Problems start to arise when Identity statements are used in relation to ideologies, concepts or groups. Then, any attack, real or imagined, is an attack on the individual who has tied their identity to the ideology, concept or group. (For ease of use, we'll assume that all three are concepts from now on -- inaccurate, yes, but it will save on bandwidth.)

This is dangerous. By taking something into a person's Identity to the point that they cannot see the difference between the concept and their self identity, they feel threatened when the concept is questioned. This makes the concept unquestionable, for anyone questioning the concept is "Attacking" the individuals who have taken the concept as their Identity. (America had a bad brush with this during the John Adams administration with the Alien and Sedition Acts, and still fights it today with the debate on flag burning.) Such concepts become sacred, and usually transmute into Dogma after a generation or two.

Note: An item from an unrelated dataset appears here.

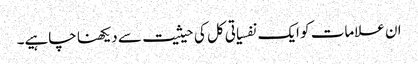
ان علامات کو ایک نفسیاتی کل کی حیثیت سے دیکھنا چاہیے۔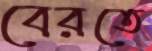
বেরতে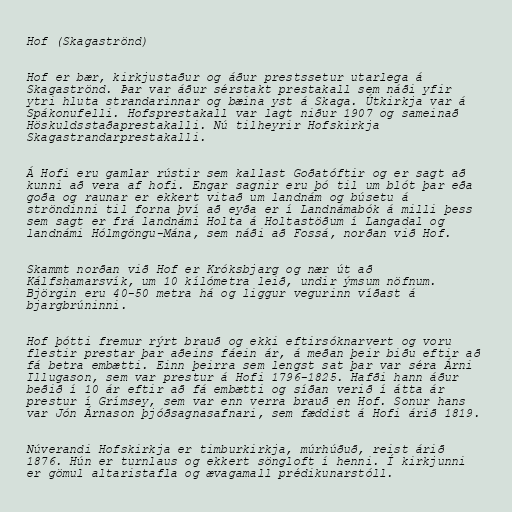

The response is often knee-jerk, hypersensitive, and non-proportional. Small slights, real or imagined, get extreme reactions. And the people reacting feel totally morally justified in their actions and incapable of seeing the viewpoint any other way.

There is an old rhyme in the Pagan Community, based on a song from Monty Python:

"Every Trad is sacred, Every Trad is Great. If a Trad is questioned, they get quite irate."

This strikes me as pretty dangerous. My tradition welcomes questions and inquiry. We understand that they bring growth -- after all, isn't this a major part of the message of the sacred Trickster? Breaking up rigid order to find new ways of doing things is not just a good Idea, it's a fundamental part of what makes humans as innovative as we are.

The most disturbing angler of this is when leaders from a tradition move swiftly and surely to quash questions or even criticism. Instead of getting a reasoned and rational discussion and explanation of the tradition's position on this, the reaction is a hellfire and brimstone response that would make a fundamentalist Baptist minister squeamish. I don't know if this is a result of the years of ego driven Witch Wars that plagued the early era of the pagan (and especially Wiccan) faith, but it will continue to keep the faith from working together as a community unless it stops. It strikes me as far more productive to teach people who don't understand the tenets of a tradition than it does to burn them, freeze them out, and try to destroy them in the community.

I don't know where the answers are to a lot of the problems we face, but I am often reminded of a saying a high School friend of mine had:

"If people were a lot less willing to take offense and a lot more willing to be honest about their feelings the world would be a much better place."